OPINI

Sabtu, 08 Agustus 2015 | 13:51

Mulya Sarmono

Tak ada yang lebih indah dari nyanyian seorang ibu demi menidurkan bayi kecilnya. Barangkali hal itu tak berlebihan, karena tak bisa disangkal, nyanyian ibu mengandung cinta yang sangat besar bagi si buah hati.

Tradisi menidurkan dengan nyanyian yang kerap disebut Nina Bobo, cukup beragam di Indonesia. Termasuk dalam tradisi suku Mandar, suku yang mendiami Sulawesi Barat. Lagu untuk menindurkan bayi, atau dalam bahasa Mandarnya bernama peondo, biasanya dilantunkan kala membaringkan bayi di dalam sarung, yang ujungnya digantung di kayu penyangga kolong rumah panggung. Yang belakangan ujung pengikatnya dipasangi per besi, untuk menciptakan gerakan berayun.

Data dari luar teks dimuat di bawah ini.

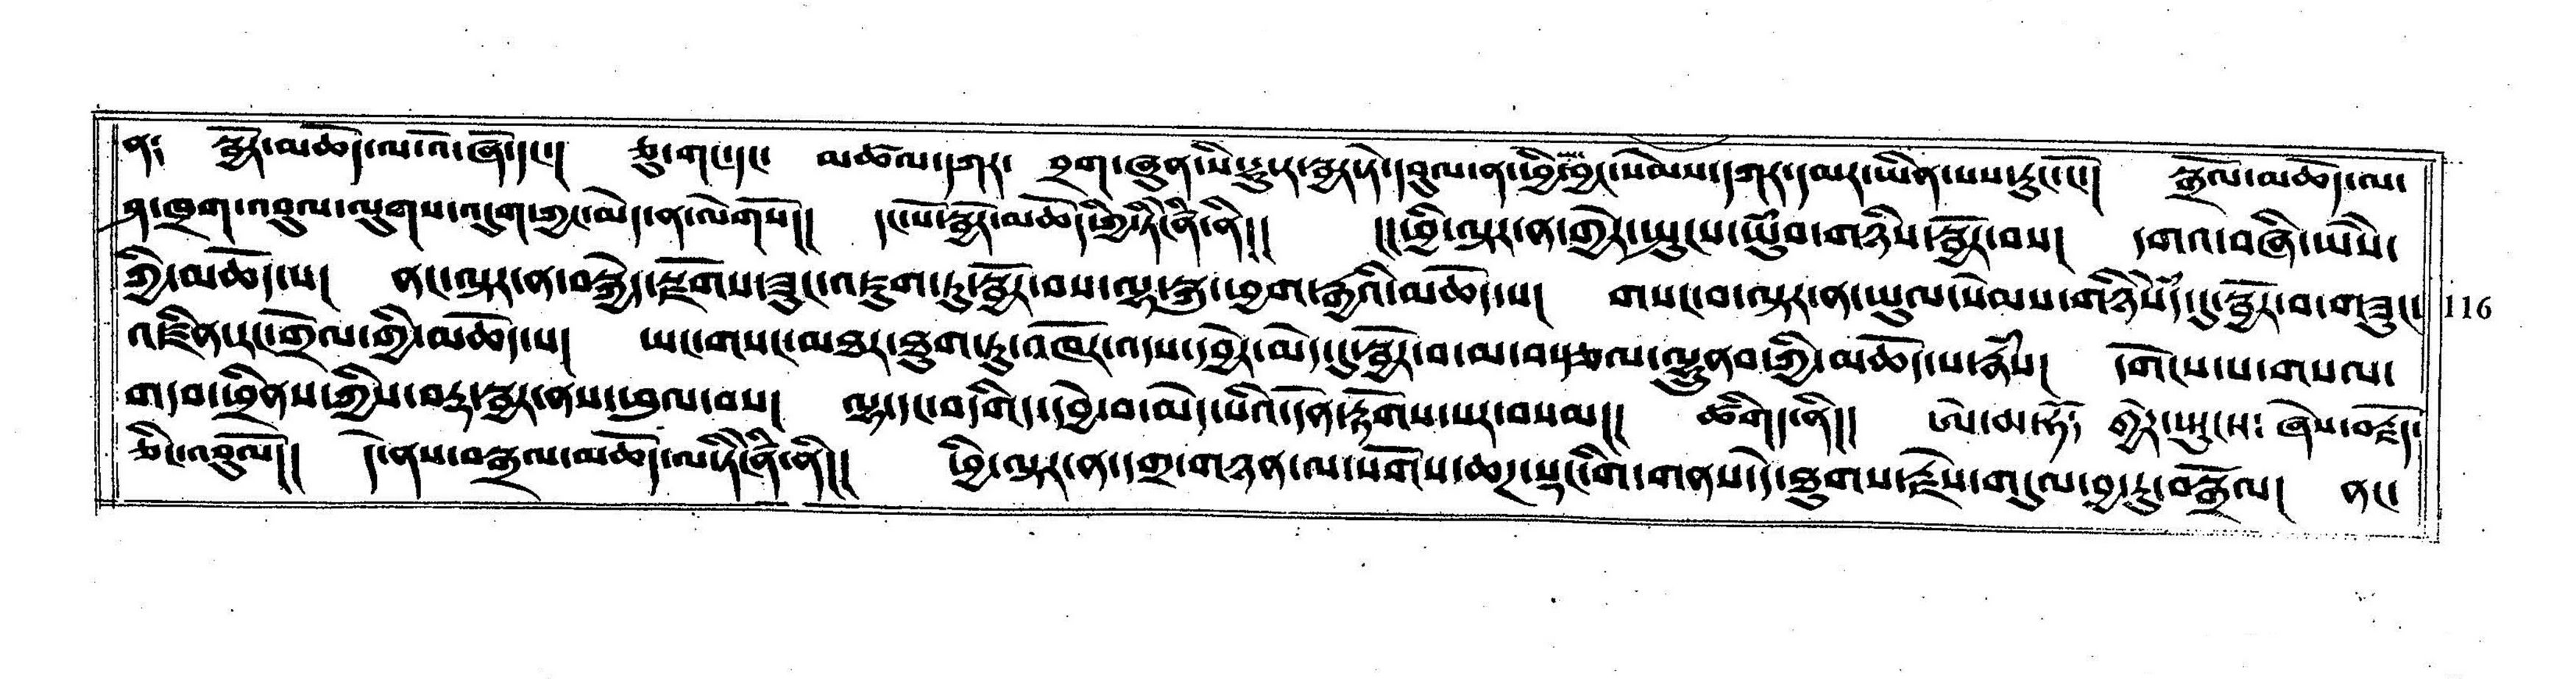ན། སྦྱོར་མཆོད་ལ་འོ་ཞོ་དང་། ཅུ་གང་དང་མཚལ་དཀར་བྲག་ཞུན་སི་དྷུ་ར་སྦྱར་ཏེ་དབུལ་ན་ཕྱི་ཡི་བྱང་སེམས་དཀར་དམར་ཡིན་པས་རུང་ངོ་། སྒྲོལ་མཆོད་ལ་
ཤ་ཁྲག་འབུལ་ལུགས་འདུག་ཀྱང་མེད་ན་ལེགས་སོ།། དང་པོ་སྦྱོར་མཆོད་ཀྱི་ཏིང་ངེ་འཛིན་ནི།། །།ཕྱི་ལྟར་ན་གྱེར་སྤུངས་ཡབ་ཡུམ་གཉིས་སྦྱོར་བས། དགའ་བཞི་ཡེ་ཤེས་
ཀྱི་མཆོད་པ། ནང་ལྟར་ན་བསྐྱེད་རྫོགས་ཟུང་འཇུག་ཏུ་སྦྱོར་བས་ལྷ་སྐུ་ཕྱག་རྒྱའི་མཆོད་པ། གསང་བ་ལྟར་ན་ཡུལ་སེམས་གཉིས་མེད་དུ་སྦྱོར་བ་གཟུང་
འཛིན་རང་གྲོལ་གྱི་མཆོད་པ། ཡང་གསང་མཐར་ཐུག་ཏུ་འཁོར་འདས་དབྱེར་མེད་དུ་སྦྱོར་བ་མ་བསྩལ་ལྷུན་གྲུབ་ཀྱི་མཆོད་པ་རྣམས། དགོངས་པ་གསལ་
གདབ་ཕྲིན་ལས་ཀྱིས་བརྡ་སྦྱར་ནས་ཕུལ་བས། ལྷ་དང་བདག་ཉིད་དབྱེ་བ་མེད་པའི་དོན་རྟོགས་པར་བསམ།། ཚིག་བཤད་ནི།། ཨེ་མ་ཧོ གྱེར་སྤུངས༴ ཞེས་བརྗོད་
ཅིང་འབུལ་ལོ།། དེ་ནས་བསྒྲལ་མཆོད་ལ་ཏིང་ངེ་འཛིན་ནི།། ཕྱི་ལྟར་ན་དགྲ་གཉན་ལ་སོགས་ཆགས་སྡང་གི་གནས་དེ་ཐུགས་རྗེས་གདུལ་བྱ་རུ་བསྒྲོལ། ནང་

Banyak versi lagu Nina Bobo ala Mandar tersebut, salah satu syairnya sebagai berikut:

Naniondoi I Cicci/Caco
Naniramo-ramoi
Kasi’na patindo’ naung
Dao lawe-laweang

Moa matindo’o naung
Kaerimmu ottonni
Kasi’na apa’ kanammu
Na membue masara

Namasara dao ande
Dao rundu iwai
Tori’mo iamo tu’u
Pappetandona Puang.

Syair tersebut dapat diartikan kurang lebih sebagai berikut:

Saya tidurkan si anak perempuan/lelaki
Disayang dan dimanja
Tidurlah anakku
Janganlah menangis

Jika kamu tertidur
Lengan kirimu yang berada di sebelah bawah
Karena kananmu
Bisa membuatmu bangun untuk menghadapi banyak hal dalam hidup

Jika kelak kamu menghadapi masalah, janganlah hanya makan
Jangan pula hanya minum
Karena itulah
Pesan dari Tuhan

Dari segi kesehatan, nina bobo sangat bermanfaat bagi tumbuh kembang si bayi. Sebuah penelitian dari Great Ormond Street Hospital di London Inggris, menyatakan sang ibu yang melantunkan nyanyian merdu sebelum si bayi tertidur, meningkatkan kesehatan maupun kesembuhan pada bayi yang sakit.


Lagu peondo juga mengandung do’a dan tuntunan untuk bekal si bayi ketika menjalani hidup kala dewasa. Menjadi salah satu bentuk pendidikan usia dini bagi generasi baru manusia Mandar. Dibiasakan mendengarkan hal-hal yang baik dengan harapan berlaku baik di masa mendatang.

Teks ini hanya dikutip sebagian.